Keeping Track of Jobs
UCloud/IM (Server) is responsible for keeping track of all relevant jobs in the Slurm cluster. It will do this by periodically pulling information about all jobs in the relevant partitions of the Slurm cluster. For each job, it will produce an internal update report. If this update report indicates that UCloud/Core should be notified about a change, then it will send either an update or register a new job. New jobs are registered in case of jobs which are submitted outside UCloud. UCloud/IM will keep an internal mapping between Slurm jobs and UCloud jobs, this allows it to know which UCloud job is to be updated.
TODO The integration module should keep track of reservations and generate a warning to the user if their job is set to expire before the node reservation starts. This is similar to how a warning should be generated if a K8s node is cordoned.
Example: Dealing with a Known Job
In this example, we will look at how UCloud/IM (Server) deals with the monitoring of a job which it knows. Jobs submitted through UCloud are always immediately known since a mapping is created when the job is submitted.

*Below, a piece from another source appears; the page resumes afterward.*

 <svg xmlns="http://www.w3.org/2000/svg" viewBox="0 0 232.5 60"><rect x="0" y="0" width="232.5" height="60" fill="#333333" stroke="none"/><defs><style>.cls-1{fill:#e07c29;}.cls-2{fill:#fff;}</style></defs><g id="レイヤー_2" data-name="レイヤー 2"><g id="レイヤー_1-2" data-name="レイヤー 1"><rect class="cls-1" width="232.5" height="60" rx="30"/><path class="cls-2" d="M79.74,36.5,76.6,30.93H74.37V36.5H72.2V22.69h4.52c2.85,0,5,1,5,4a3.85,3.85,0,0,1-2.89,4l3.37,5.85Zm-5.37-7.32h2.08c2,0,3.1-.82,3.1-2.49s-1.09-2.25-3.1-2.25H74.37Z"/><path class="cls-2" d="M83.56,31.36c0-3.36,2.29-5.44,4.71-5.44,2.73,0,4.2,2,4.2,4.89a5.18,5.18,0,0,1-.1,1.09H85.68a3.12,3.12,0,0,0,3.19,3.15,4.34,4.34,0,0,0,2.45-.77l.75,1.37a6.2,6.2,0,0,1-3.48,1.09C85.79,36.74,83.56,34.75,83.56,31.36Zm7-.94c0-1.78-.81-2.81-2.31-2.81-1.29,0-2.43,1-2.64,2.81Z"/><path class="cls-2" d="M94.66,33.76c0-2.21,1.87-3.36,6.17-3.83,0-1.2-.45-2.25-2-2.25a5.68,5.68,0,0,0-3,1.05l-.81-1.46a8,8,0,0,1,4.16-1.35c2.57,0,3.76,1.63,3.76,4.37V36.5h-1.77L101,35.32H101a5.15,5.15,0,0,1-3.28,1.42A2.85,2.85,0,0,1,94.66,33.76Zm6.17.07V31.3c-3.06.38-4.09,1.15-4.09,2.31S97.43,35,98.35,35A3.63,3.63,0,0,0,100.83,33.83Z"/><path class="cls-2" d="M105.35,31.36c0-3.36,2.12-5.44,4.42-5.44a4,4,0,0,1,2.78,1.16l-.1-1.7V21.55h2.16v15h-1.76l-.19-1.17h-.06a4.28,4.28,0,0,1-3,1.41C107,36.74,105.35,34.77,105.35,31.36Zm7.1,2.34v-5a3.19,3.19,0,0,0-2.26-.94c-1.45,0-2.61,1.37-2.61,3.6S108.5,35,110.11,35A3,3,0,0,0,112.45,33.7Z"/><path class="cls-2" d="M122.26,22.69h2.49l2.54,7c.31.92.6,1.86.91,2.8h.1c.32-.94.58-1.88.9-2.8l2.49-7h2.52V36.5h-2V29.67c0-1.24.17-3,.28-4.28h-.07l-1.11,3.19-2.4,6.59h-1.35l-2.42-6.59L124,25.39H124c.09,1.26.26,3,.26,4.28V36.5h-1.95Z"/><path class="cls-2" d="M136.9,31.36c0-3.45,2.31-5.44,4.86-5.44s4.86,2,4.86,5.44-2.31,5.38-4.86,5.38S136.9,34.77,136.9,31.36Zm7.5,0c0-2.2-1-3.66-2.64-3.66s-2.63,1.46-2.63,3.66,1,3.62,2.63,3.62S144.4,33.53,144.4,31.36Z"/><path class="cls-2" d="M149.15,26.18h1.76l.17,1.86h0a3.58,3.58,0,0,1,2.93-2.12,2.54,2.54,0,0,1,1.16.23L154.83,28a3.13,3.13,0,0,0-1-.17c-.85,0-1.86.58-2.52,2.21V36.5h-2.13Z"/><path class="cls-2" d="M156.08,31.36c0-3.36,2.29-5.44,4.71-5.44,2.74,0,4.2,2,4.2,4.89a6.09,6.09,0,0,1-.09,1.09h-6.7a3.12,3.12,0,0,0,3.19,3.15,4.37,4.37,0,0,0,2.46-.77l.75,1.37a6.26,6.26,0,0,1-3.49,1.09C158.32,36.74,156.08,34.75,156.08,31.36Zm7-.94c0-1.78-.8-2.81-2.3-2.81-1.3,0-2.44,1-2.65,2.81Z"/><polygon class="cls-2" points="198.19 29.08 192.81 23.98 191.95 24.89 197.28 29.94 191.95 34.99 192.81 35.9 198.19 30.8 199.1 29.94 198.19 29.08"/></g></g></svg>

Jobs which are submitted outside UCloud become known after their initial registration.
In this case, UCloud/IM is looking at the job with Slurm ID 141232. Slurm is reporting that this job is running. The
job report shows that a mapping has already been established with the corresponding UCloud job with ID 5124313. The
report also states that a state transition has occurred from IN_QUEUE to RUNNING. This trigger a message to UCloud
which lets it know that the job is now running. The end-user(s) owning this job will automatically receive a
notification about the state change.
UCloud/IM (Server) monitoring a job which has made a state transition from IN_QUEUE to RUNNING.
Example: Dealing with an Unknown Job (Submitted outside UCloud)
UCloud/IM is not only capable of handling jobs that have been submitted from UCloud, it can also handle jobs that are submitted directly to Slurm. In such a case, the job update report will not be able to find a corresponding UCloud job. This triggers a separate process of finding the appropriate UCloud owner, machine slice and other scheduling parameters. The owner is found by using the database of already invoked account mappers. This is used in combination with the partition and QoS to determine the correct project and machine slice.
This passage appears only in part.